PT Budarsan 10 Oktober 2017


Jalan Mawar No 15
Denpasar

Dengan hormat,
Sehubungan dengan audit atas laporan keuangan kami untuk tahun yang terakhir tanggal 31
Desember 2016, kami mohon kesediaan Saudara untuk menyampaikan informasi mengenai
utang kami kepada saudara per tanggal tersebut. Jawaban harap dikirimkan langsung kepada :
Kantor Akuntan Publik Gentha dan Rekan
Jalan Lurus No. 5
Denpasar
Selain itu kami mohon pula kesediaan Saudara untuk menyampaikan informasi mengenai hal
hal berikut :
Jumlah yang belum jatuh tempo Rp ______________________________
Jumlah yang sudah lewat waktu Rp ______________________________
Jumlah komitmen pembelian Rp _________________________________
Penjelasan mengenai harta yang dijadikan jaminan
_____________________________________________________________________

Untuk mengirimkan jawaban kepada auditor kami, silahkan gunakan amplop jawaban
terlampir. Atas kesediaan Saudara untuk memberi informasi yang benar, kami ucapkan
banyak terima kasih.

Hormat kami,

Kontroler PT ABC

6.2. Merekonsiliasi Utang yang Tidak Dikonfirmasi ke Laporan dari Pemasok

Dalam banyak hal, para pemasok biasanya mengirimkan laporan bulanan yang bias
dijumpai dalam arsip klien. Jika demikian halnya, maka jumlah yang terutang kepada
pemasok menurut catatan klien dapat direkonsiliasi dengan laporan tersebut.
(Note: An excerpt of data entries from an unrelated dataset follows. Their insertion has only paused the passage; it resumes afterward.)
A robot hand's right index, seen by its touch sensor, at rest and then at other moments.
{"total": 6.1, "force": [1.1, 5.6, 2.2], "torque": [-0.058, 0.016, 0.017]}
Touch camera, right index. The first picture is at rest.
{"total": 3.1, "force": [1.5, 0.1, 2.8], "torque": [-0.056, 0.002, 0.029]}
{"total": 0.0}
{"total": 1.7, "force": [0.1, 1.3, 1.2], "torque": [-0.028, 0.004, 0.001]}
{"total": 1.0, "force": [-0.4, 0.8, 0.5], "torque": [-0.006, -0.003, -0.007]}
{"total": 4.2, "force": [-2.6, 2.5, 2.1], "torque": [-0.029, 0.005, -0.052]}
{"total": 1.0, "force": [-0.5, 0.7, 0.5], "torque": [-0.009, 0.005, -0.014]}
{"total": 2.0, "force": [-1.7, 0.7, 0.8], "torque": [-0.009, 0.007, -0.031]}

Bukti yang
diperoleh dari prosedur ini sama dengan yang diperoleh melalui prosedur konfirmasi, hanya
saja kurang dapat diandalkan karena laporan itu, tidak semua pemasok mempunyai kebiasaan
mengirimkan laporan bulanan kepada para pelanggan.
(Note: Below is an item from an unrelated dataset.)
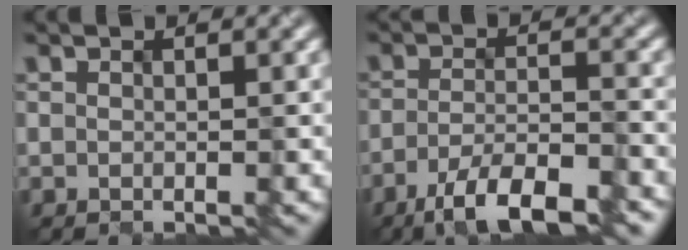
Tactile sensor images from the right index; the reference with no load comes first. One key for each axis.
{"total": 6.2, "fx": -4.2, "fy": 1.5, "fz": 4.2, "tx": -0.073, "ty": -0.002, "tz": -0.072}

7. PEMBANDINGAN PENYAJIAN UTANG DI NERACA DENGAN PRINSIP


AKUNTANSI YANG BERLAKU UMUM
Utang dagang harus diidentifikasi dengan benar dan dikelompokkan sebagai
kewajiban lancar. Apabila saldo utang dagang mencakup pembayaran di muka kepada
pemasok untuk pesanan barang dan jasa yang baru akan dikirimkan di kemudian hari dalam
jumlah yang material, maka jumlah pembayaran di muka tersebut harus direklisifikasi
sebagai uang muka kepada pemasok dan dikelompokkan sebagai aktiva. Selain itu,
pengungkapan perlu dilakukan untuk jaminan utang tertentu, utang kepada pihak yang
mempunyai hubungan istimewa, komitmen pembelian, serta utang bersyarat. Penyajian dan
pengungkapan yang dilakukan manajemen dalam laporan keuangan harus dibandingkan
dengan ketentuan yang ditetapkan oleh prinsip akuntansi berlaku umum.

8. JASA BERNILAI TAMBAH


Setelah menyelesaikan audit atas aktivitas pembelian, auditor dapat mengevaluasi
utang dan pengeluaran entitas dibandingkan dengan perusahaan lain dalam industri yang
sama. Auditor juga dapat memberikan dua jasa bernilai tambah yang penting. Pertama,
auditor dapat mengevaluasi seberapa efektif entitas telah memanfaatkan aktivanya untuk
menghasilkan penjualan, laba, dan arus kas, serta mencapai tujuan entitas itu. Kedua, auditor
kemudian dapat memberikan jasa independen dengan mengevaluasi aktiva yang
direncanakan dapat menjadi pendukung yang penting untuk mencapai sasarannya.